Sensing, fast and slow
This 2 to 3 second ‘sampling’ approach is imperfect, but it resulted from a grand evolutionary compromise between the need to perform very fast and very slow sampling. A constantly fast or slow sampling speed each comes with pros and cons. Consider the need to be alive to the threat of rattle snakes: if your senses are always too sensitive, you would be plagued by false alarms; too slow, and humans would be a mere footnote in biological history.
However, some of Melcher’s work suggests our brains are running on two sets of sampling timescales simultaneously. “It’s a trade-off,” explains Melcher. “We cannot have a perfectly fast or perfectly slow system. It may be that we’re capable of both, depending on the task at hand.”
Sensorimotor show gathers speed
Many of the tests Melcher’s team run involve hooking volunteers up to brain scanners and exposing them to a variety of stimuli – sound, touch and visual – to see if they can keep track.

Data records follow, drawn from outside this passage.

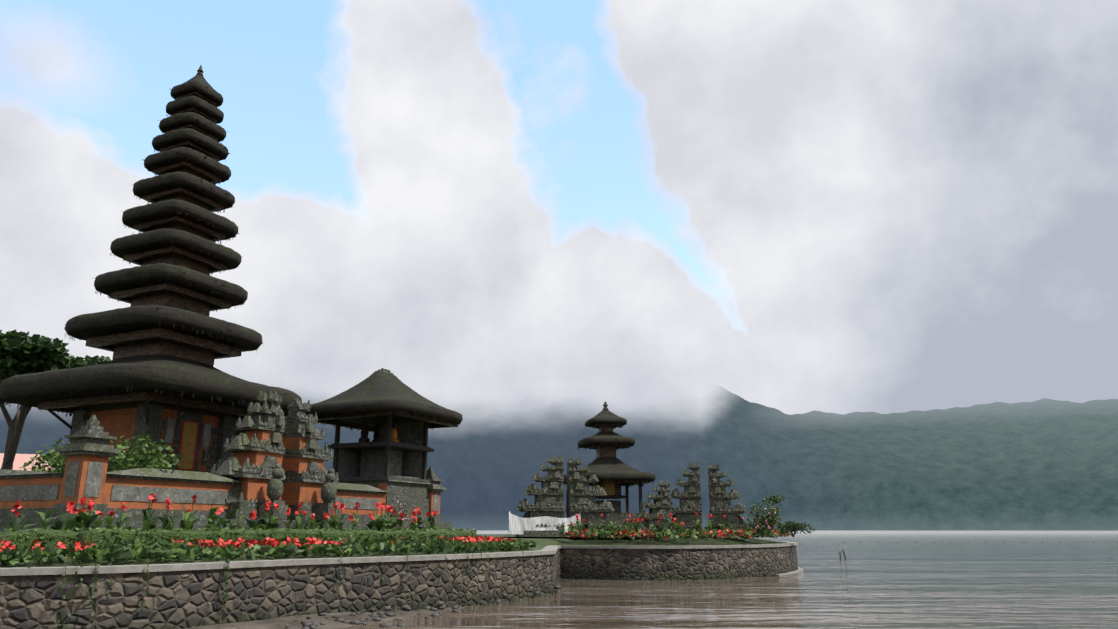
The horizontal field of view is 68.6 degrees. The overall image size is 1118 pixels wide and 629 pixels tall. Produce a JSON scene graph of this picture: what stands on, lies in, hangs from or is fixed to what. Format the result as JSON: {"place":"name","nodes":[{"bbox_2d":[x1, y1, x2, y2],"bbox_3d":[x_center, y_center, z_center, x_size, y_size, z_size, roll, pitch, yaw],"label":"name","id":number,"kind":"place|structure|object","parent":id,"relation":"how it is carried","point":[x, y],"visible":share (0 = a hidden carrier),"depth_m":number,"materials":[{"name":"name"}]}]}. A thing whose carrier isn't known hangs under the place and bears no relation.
{"place":"outdoors","nodes":[
{"label":"outdoors","id":0,"kind":"place"},
{"bbox_2d":[19,420,181,472],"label":"shrubs","id":1,"kind":"object","parent":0,"point":[123,460],"visible":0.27,"depth_m":21.11,"materials":[{"name":"green plant"}]},
{"bbox_2d":[233,422,245,456],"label":"tree","id":2,"kind":"object","parent":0,"point":[238,434],"depth_m":48.90,"materials":[{"name":"green plant"}]},
{"bbox_2d":[183,606,466,628],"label":"mud shore","id":3,"kind":"structure","parent":0,"point":[330,623],"depth_m":16.16,"materials":[{"name":"brown soil"}]},
{"bbox_2d":[190,585,561,628],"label":"shore stones","id":4,"kind":"object","parent":3,"relation":"on","point":[312,624],"visible":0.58,"depth_m":17.26,"materials":[{"name":"grey stone"}]},
{"bbox_2d":[323,443,335,468],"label":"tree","id":5,"kind":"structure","parent":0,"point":[328,453],"depth_m":27.51,"materials":[{"name":"plant"}]},
{"bbox_2d":[0,534,783,567],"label":"garden ground","id":6,"kind":"structure","parent":0,"point":[541,542],"depth_m":31.52,"materials":[{"name":"green plant"}]},
{"bbox_2d":[0,453,54,470],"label":"roof","id":7,"kind":"structure","parent":6,"relation":"on","point":[20,460],"depth_m":57.18,"materials":[{"name":"beige paint"}]},
{"bbox_2d":[0,329,110,469],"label":"tree","id":8,"kind":"object","parent":6,"relation":"on","point":[23,353],"visible":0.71,"depth_m":38.03,"materials":[{"name":"green plant"}]},
{"bbox_2d":[0,65,301,472],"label":"pagoda","id":9,"kind":"object","parent":6,"relation":"on","point":[165,339],"visible":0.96,"depth_m":26.64,"materials":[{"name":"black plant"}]},
{"bbox_2d":[3,493,439,531],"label":"canna lilies","id":10,"kind":"object","parent":6,"relation":"on","point":[83,518],"visible":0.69,"depth_m":19.29,"materials":[{"name":"green plant"}]},
{"bbox_2d":[0,415,451,531],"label":"compound walls","id":11,"kind":"structure","parent":6,"relation":"on","point":[88,451],"depth_m":19.94,"materials":[{"name":"grey stone"}]},
{"bbox_2d":[0,527,476,549],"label":"box hedge","id":12,"kind":"object","parent":6,"relation":"on","point":[24,539],"visible":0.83,"depth_m":17.61,"materials":[{"name":"green plant"}]},
{"bbox_2d":[210,390,287,519],"bbox_3d":[-8.732,3.957,23.647,1.915,3.814,1.854,-7,-16,24],"label":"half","id":13,"kind":"object","parent":6,"relation":"on","point":[254,463],"visible":0.98,"depth_m":23.41,"materials":[{"name":"grey stone"}]},
{"bbox_2d":[0,534,537,567],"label":"begonia bed","id":14,"kind":"object","parent":6,"relation":"on","point":[151,548],"visible":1,"depth_m":16.86,"materials":[{"name":"green plant"}]},
{"bbox_2d":[281,398,340,519],"bbox_3d":[-7.649,4.589,25.892,1.908,3.733,1.858,-7,-16,24],"label":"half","id":15,"kind":"object","parent":6,"relation":"on","point":[310,481],"visible":0.9,"depth_m":25.25,"materials":[{"name":"grey stone"}]},
{"bbox_2d":[306,368,462,515],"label":"pavilion","id":16,"kind":"structure","parent":6,"relation":"on","point":[399,418],"depth_m":30.76,"materials":[{"name":"grey plant"}]},
{"bbox_2d":[385,497,411,529],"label":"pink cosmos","id":17,"kind":"object","parent":6,"relation":"on","point":[395,516],"visible":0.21,"depth_m":27.39,"materials":[{"name":"green plant"}]},
{"bbox_2d":[515,455,564,536],"bbox_3d":[-0.842,7.709,34.979,2.027,3.421,1.275,2,-15,-9],"label":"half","id":18,"kind":"object","parent":6,"relation":"on","point":[549,497],"visible":0.9,"depth_m":34.55,"materials":[{"name":"grey stone"}]},
{"bbox_2d":[509,511,580,535],"bbox_3d":[-0.582,8.734,34.164,3.039,1.000,0.114,3,-15,-11],"label":"banner","id":19,"kind":"object","parent":6,"relation":"on","point":[518,525],"visible":0.75,"depth_m":34.08,"materials":[{"name":"white fabric"}]},
{"bbox_2d":[566,457,614,536],"bbox_3d":[1.367,7.833,35.313,2.017,3.344,1.281,2,-15,-9],"label":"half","id":20,"kind":"object","parent":6,"relation":"on","point":[581,496],"visible":0.81,"depth_m":34.84,"materials":[{"name":"grey stone"}]},
{"bbox_2d":[563,402,655,528],"bbox_3d":[2.240,7.288,39.077,4.270,6.290,4.265,2,-15,-9],"label":"pagoda","id":21,"kind":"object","parent":6,"relation":"on","point":[610,471],"visible":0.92,"depth_m":38.23,"materials":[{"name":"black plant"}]},
{"bbox_2d":[592,524,645,537],"bbox_3d":[2.479,8.826,33.357,2.337,0.590,1.079,0,-15,1],"label":"rim bush","id":22,"kind":"object","parent":6,"relation":"on","point":[605,528],"visible":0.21,"depth_m":33.39,"materials":[{"name":"green plant"}]},
{"bbox_2d":[637,481,672,534],"bbox_3d":[4.099,8.413,35.613,1.470,2.366,0.978,2,-15,-9],"label":"split gate","id":23,"kind":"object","parent":6,"relation":"on","point":[661,505],"visible":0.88,"depth_m":35.35,"materials":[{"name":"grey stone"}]},
{"bbox_2d":[559,513,789,539],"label":"island flowers","id":24,"kind":"object","parent":6,"relation":"on","point":[696,532],"visible":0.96,"depth_m":32.64,"materials":[{"name":"green plant"}]},
{"bbox_2d":[670,461,702,531],"bbox_3d":[5.446,8.127,36.181,1.624,3.217,1.129,-1,-15,6],"label":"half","id":25,"kind":"object","parent":6,"relation":"on","point":[689,498],"visible":0.88,"depth_m":35.76,"materials":[{"name":"grey stone"}]},
{"bbox_2d":[708,463,747,535],"bbox_3d":[7.424,8.105,35.982,1.623,3.152,1.126,-1,-15,6],"label":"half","id":26,"kind":"object","parent":6,"relation":"on","point":[720,498],"visible":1,"depth_m":35.58,"materials":[{"name":"grey stone"}]},
{"bbox_2d":[745,502,780,537],"bbox_3d":[8.674,8.671,34.660,1.506,1.491,1.262,0,-15,1],"label":"pink flower bush","id":27,"kind":"object","parent":6,"relation":"on","point":[768,519],"visible":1,"depth_m":34.54,"materials":[{"name":"green plant"}]},
{"bbox_2d":[762,495,784,537],"bbox_3d":[9.648,9.139,37.098,1.160,1.910,0.806,5,-15,-18],"label":"sparse tree","id":28,"kind":"object","parent":6,"relation":"on","point":[773,499],"visible":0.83,"depth_m":37.10,"materials":[{"name":"green plant"}]},
{"bbox_2d":[772,521,814,537],"bbox_3d":[10.337,9.492,36.254,1.621,0.729,1.290,5,-16,-19],"label":"bush","id":29,"kind":"object","parent":6,"relation":"on","point":[794,527],"visible":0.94,"depth_m":36.17,"materials":[{"name":"green plant"}]},
{"bbox_2d":[0,392,1117,530],"bbox_3d":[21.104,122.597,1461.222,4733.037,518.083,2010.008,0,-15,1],"label":"hills","id":30,"kind":"structure","parent":0,"point":[1045,464],"depth_m":1769.20,"materials":[{"name":"green plant"}]},
{"bbox_2d":[0,0,1117,420],"label":"sky","id":31,"kind":"structure","parent":0,"point":[503,209],"materials":[{"name":"white"}]},
{"bbox_2d":[337,530,1117,628],"bbox_3d":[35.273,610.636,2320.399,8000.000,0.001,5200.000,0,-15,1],"label":"lake water","id":32,"kind":"structure","parent":0,"point":[944,579],"depth_m":24.18,"materials":[{"name":"grey liquid"}]},
{"bbox_2d":[0,541,797,628],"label":"retaining wall","id":33,"kind":"structure","parent":32,"relation":"in","point":[182,595],"depth_m":17.18,"materials":[{"name":"stone"}]},
{"bbox_2d":[23,550,524,628],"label":"hanging vines","id":34,"kind":"object","parent":33,"relation":"hanging from","point":[95,578],"visible":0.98,"depth_m":13.80,"materials":[{"name":"green plant"}]},
{"bbox_2d":[776,567,802,575],"bbox_3d":[9.521,13.406,43.402,4.478,0.350,20.494,2,-15,-8],"label":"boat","id":35,"kind":"object","parent":32,"relation":"in","point":[796,571],"depth_m":34.98,"materials":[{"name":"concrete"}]},
{"bbox_2d":[839,549,846,559],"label":"wooden posts","id":36,"kind":"object","parent":32,"relation":"in","point":[843,553],"visible":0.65,"depth_m":51.04,"materials":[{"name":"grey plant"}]}
]}

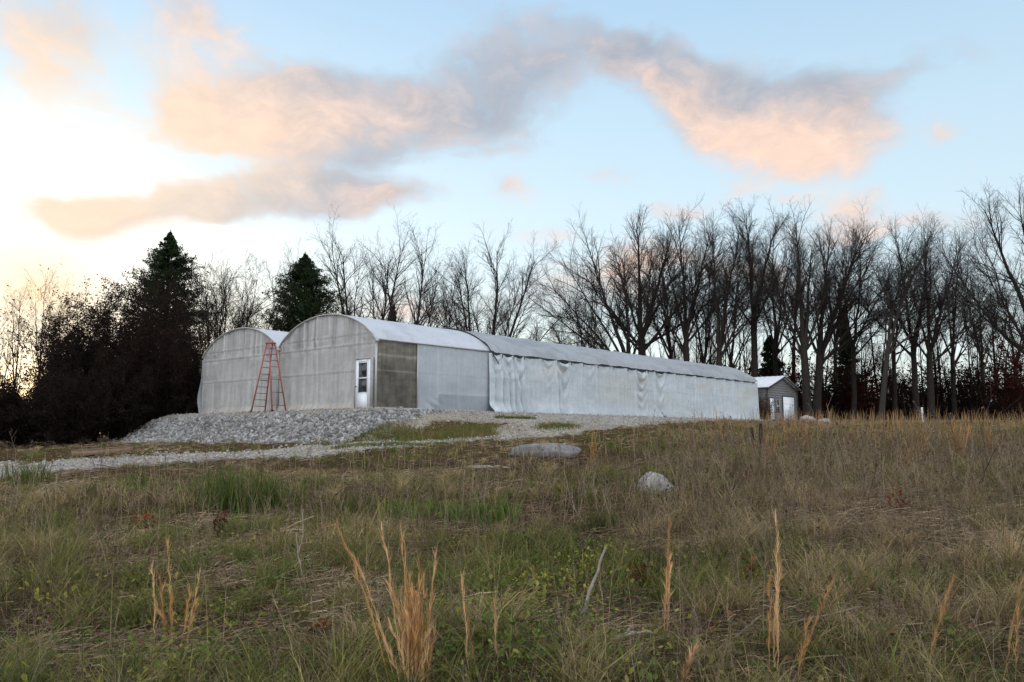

For example, they might put a flash of light on a screen or elsewhere in the room and ask participants to say how many flashes they saw, where they occurred and in what order. “If there are two flashes close together, you might just see one because of this inbuilt sampling system,” he explains.
But we’re not just sampling with our eyes and ears. “As we move around the world our brain is taking that movement into account,” says Melcher. “We don’t just perceive passively; it’s a sensorimotor system.” That concept – that sensation isn’t passive, but is shaped by how we interact with the world – has been gaining fans in the scientific world; it’s the same theory that O’Regan of Paris Descartes is working on, for instance.
Says Melcher: “Every time you move your head or eye or body you are asking questions and you perceive an answer. Over time you build a 3D vision of the world.”
Perhaps the quirkiest finding from his project is the way sampling can vary from one person to the next. Some people are generally a little faster than average, while others are a fraction slower. “We can show certain stimuli that you would interpret one way while others would interpret differently,” he says. “In theory, a video could be optimal for you but not for somebody who is looking over your shoulder.”
This has big implications for media and entertainment – which is why Apple and Facebook have taken an interest in this field. In the future, our smart phones and the videos we watch online could be personalised to match the sampling speed at which we are most comfortable. It may also have a clinical application if movies could be adapted to people with autism spectrum disorders where sensory processing can be a major challenge.
There are commercial applications too. As some people are slightly faster than others at processing sensory information, it would pay to know which ones are the best. Companies keen on hiring pilots or uncovering an exceptional race-car driver would surely add this criterion to the battery of tests they put candidates through during selection.
As scientists better understand how our brain samples our environment, self-improvement types will want to train themselves to speed up their sampling rates. But if you prefer to relax rather than speed up, syncing your brain to the beat of a metronome can have a calming effect. Of course, that’s nothing new: “People already do this when they put on relaxing music and pour a glass of wine,” Melcher says.